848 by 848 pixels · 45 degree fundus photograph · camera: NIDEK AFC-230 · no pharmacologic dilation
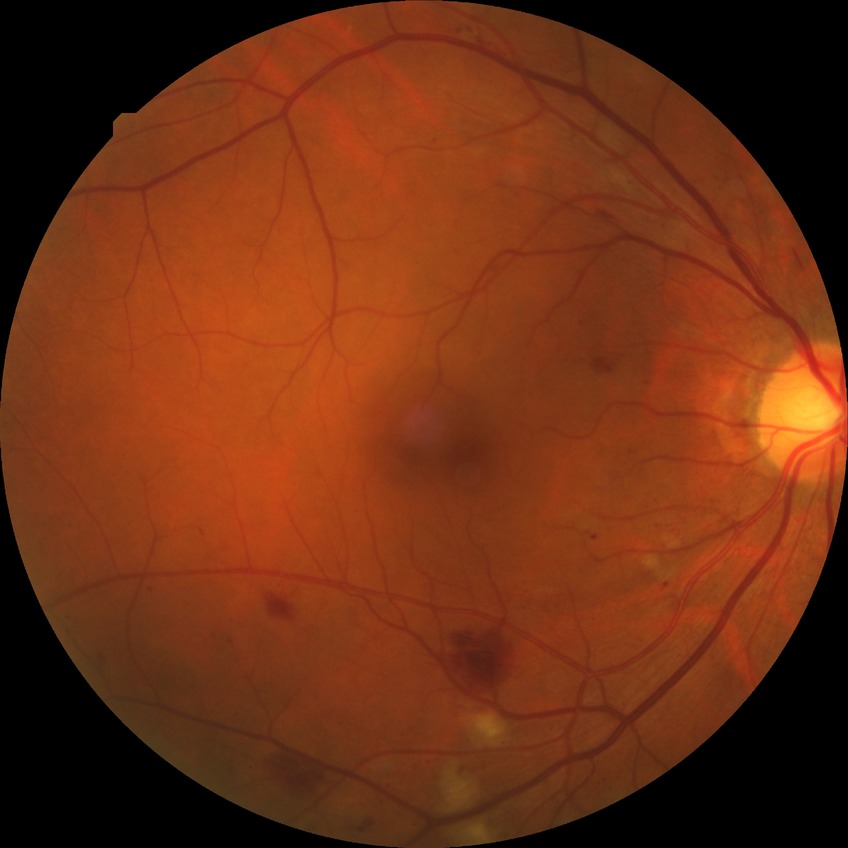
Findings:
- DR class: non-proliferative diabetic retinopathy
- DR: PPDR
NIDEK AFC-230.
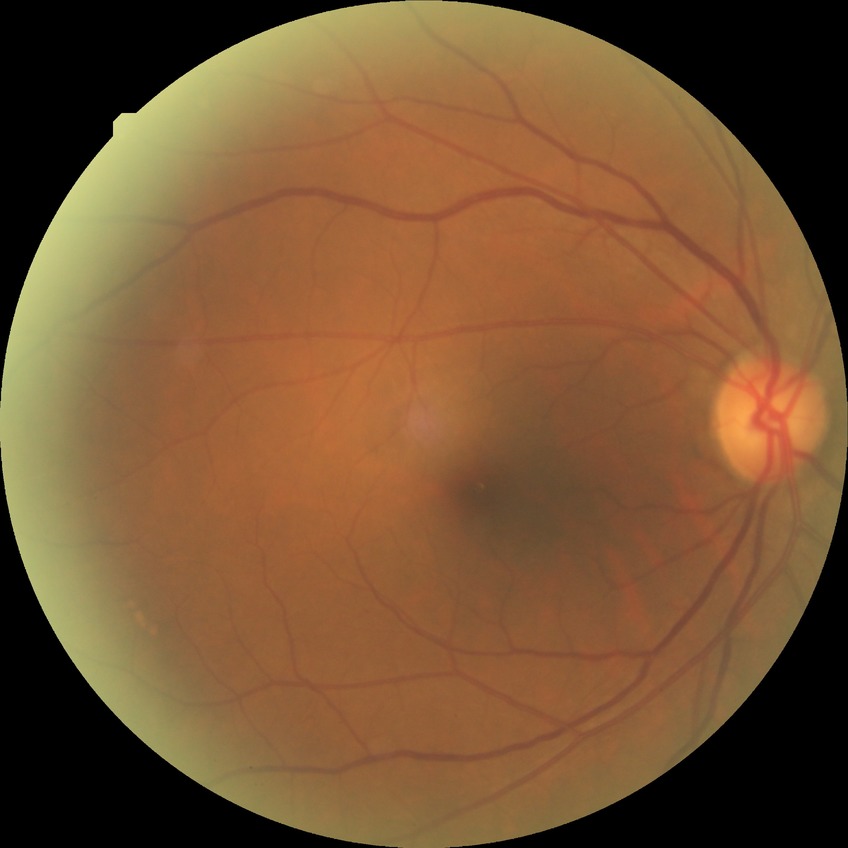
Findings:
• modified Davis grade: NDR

==

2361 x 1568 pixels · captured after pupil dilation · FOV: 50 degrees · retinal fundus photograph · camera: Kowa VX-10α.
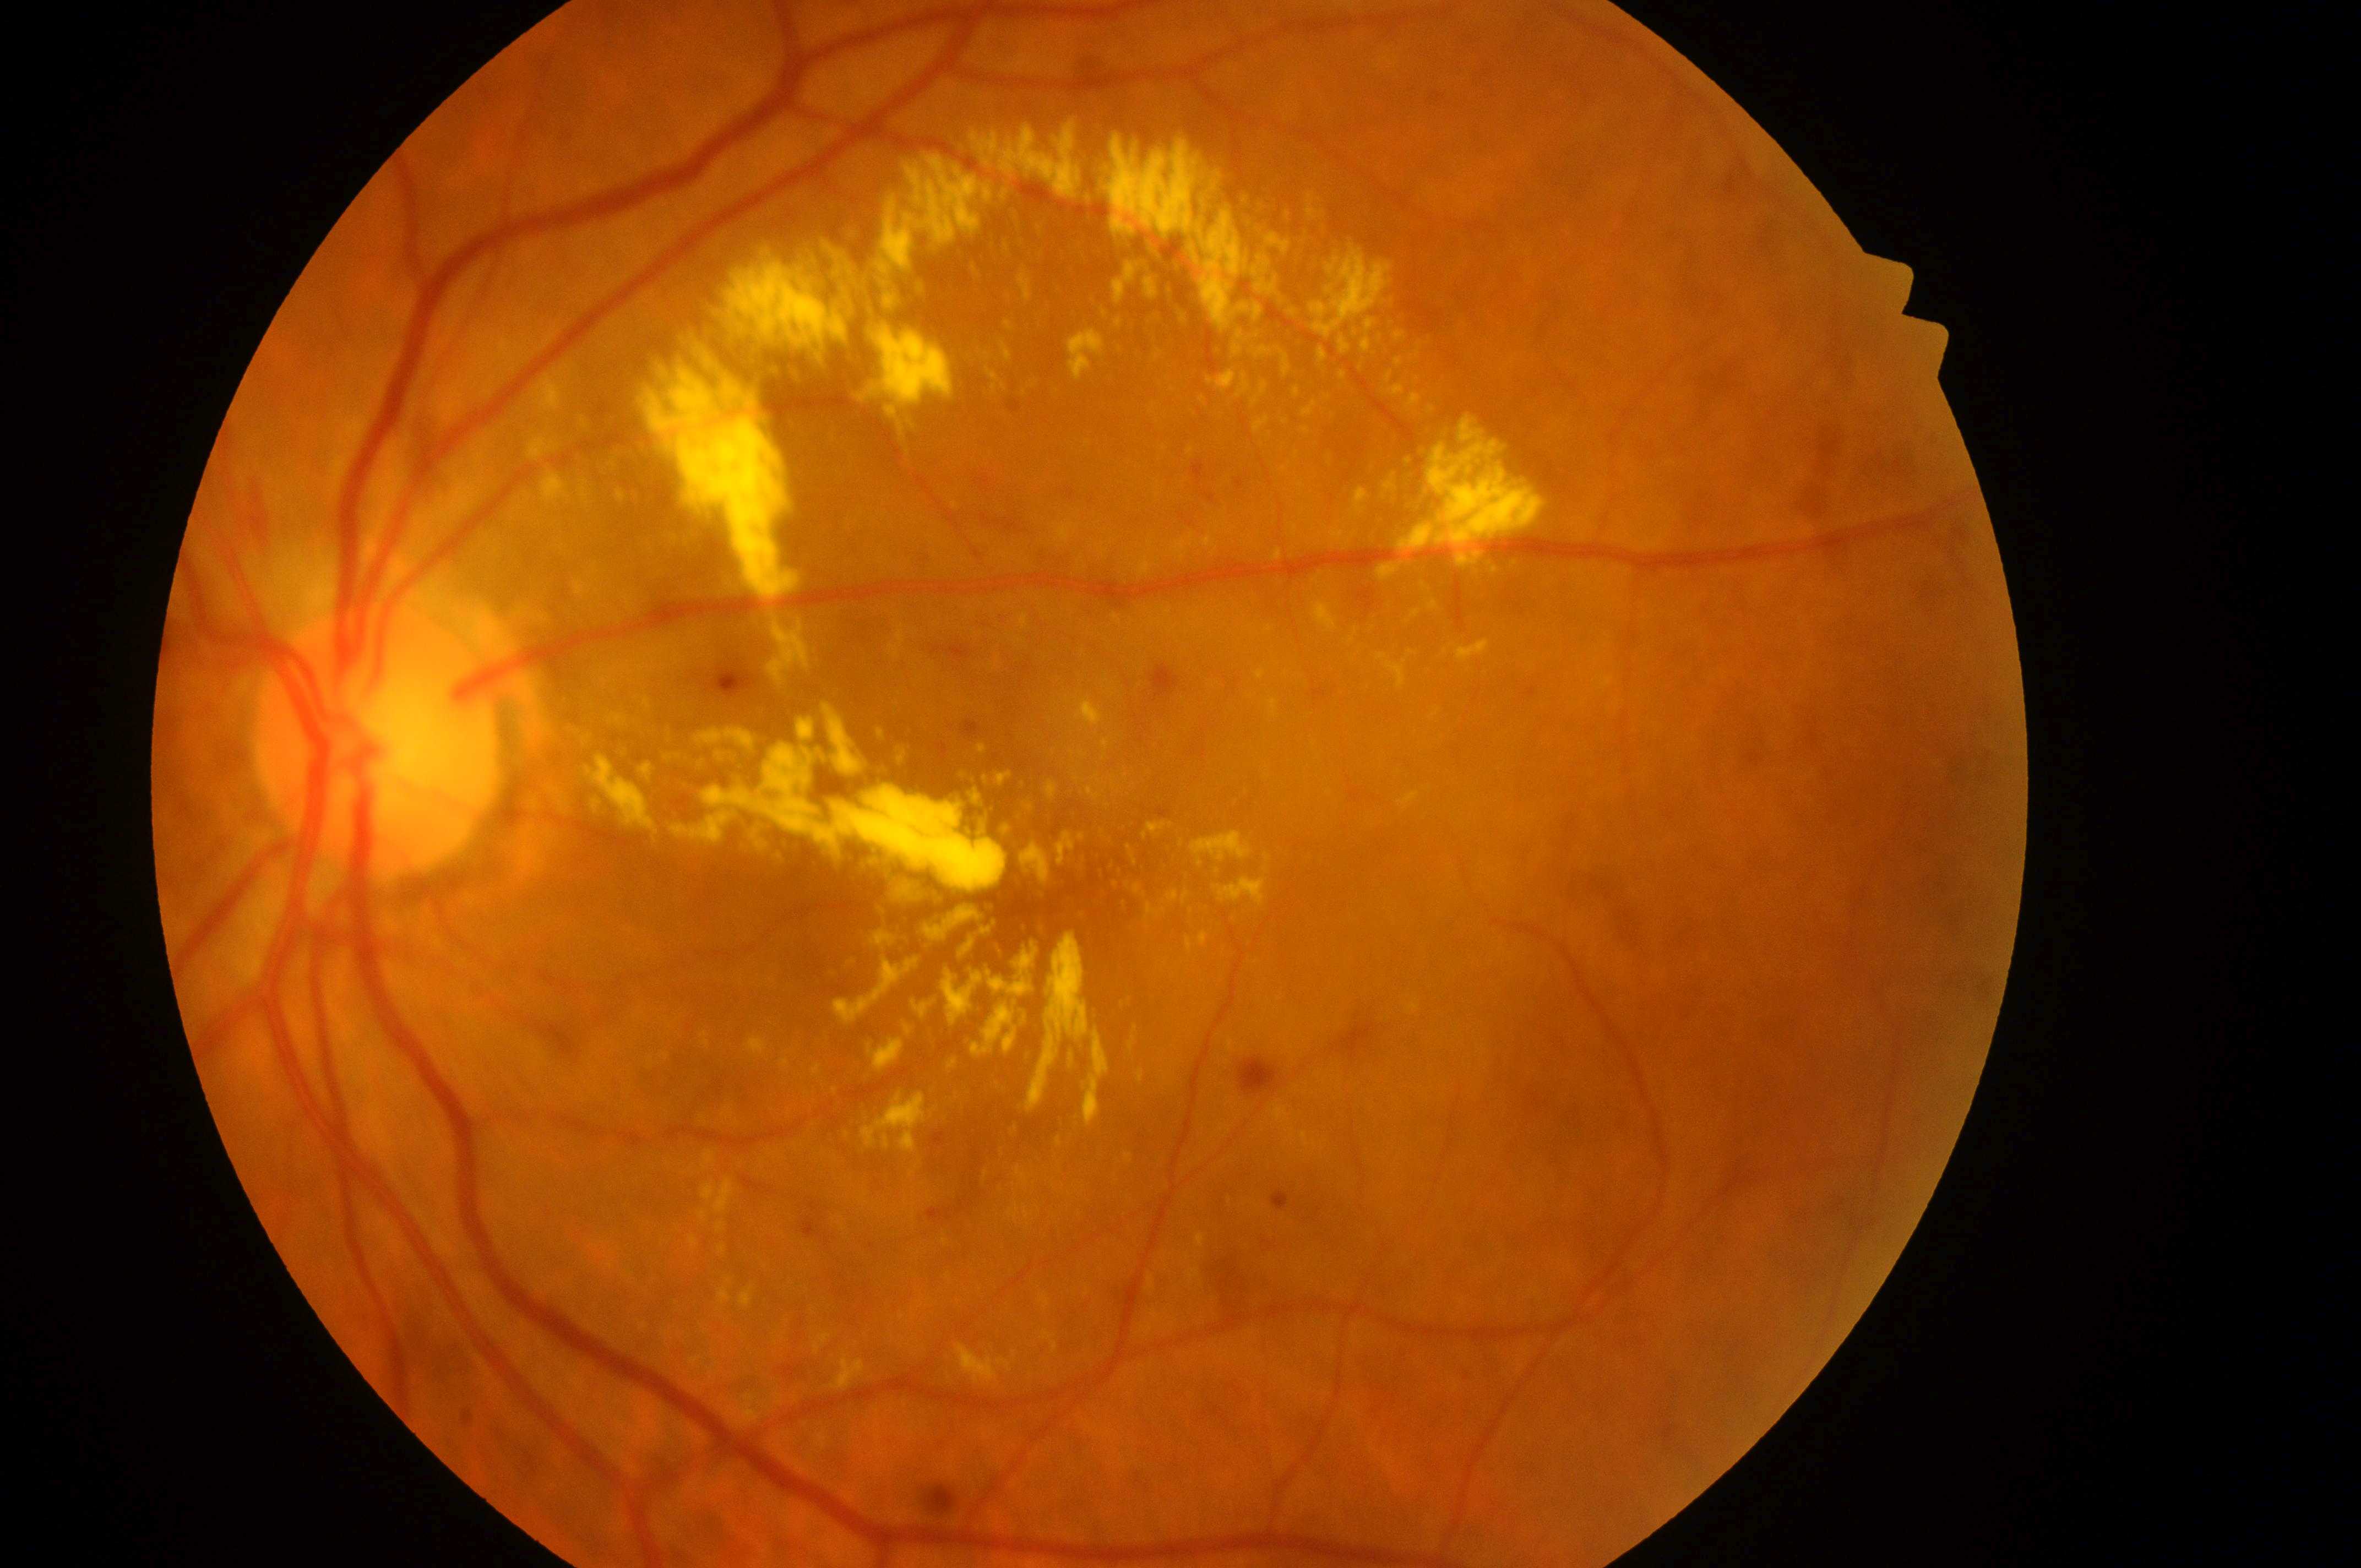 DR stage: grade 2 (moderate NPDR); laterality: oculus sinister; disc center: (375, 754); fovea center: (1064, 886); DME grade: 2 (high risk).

--

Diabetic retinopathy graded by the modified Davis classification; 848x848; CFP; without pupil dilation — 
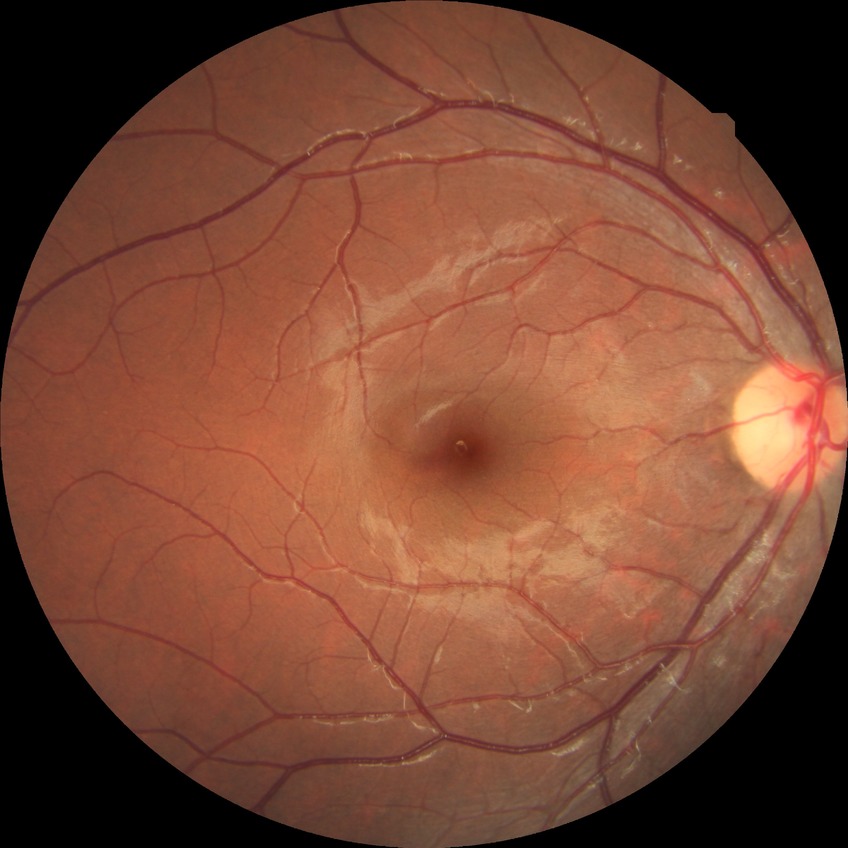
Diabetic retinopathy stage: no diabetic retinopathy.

» **TASK PROMPT**: Would you copy out, exactly and with no pictures, only the lines above from the one that contains "- DR class: non-proliferative" through the one that contains "Davis grade: NDR"?

» **WRITTEN SOLUTION**:
- DR class: non-proliferative diabetic retinopathy
- DR: PPDR
NIDEK AFC-230.
Findings:
• modified Davis grade: NDR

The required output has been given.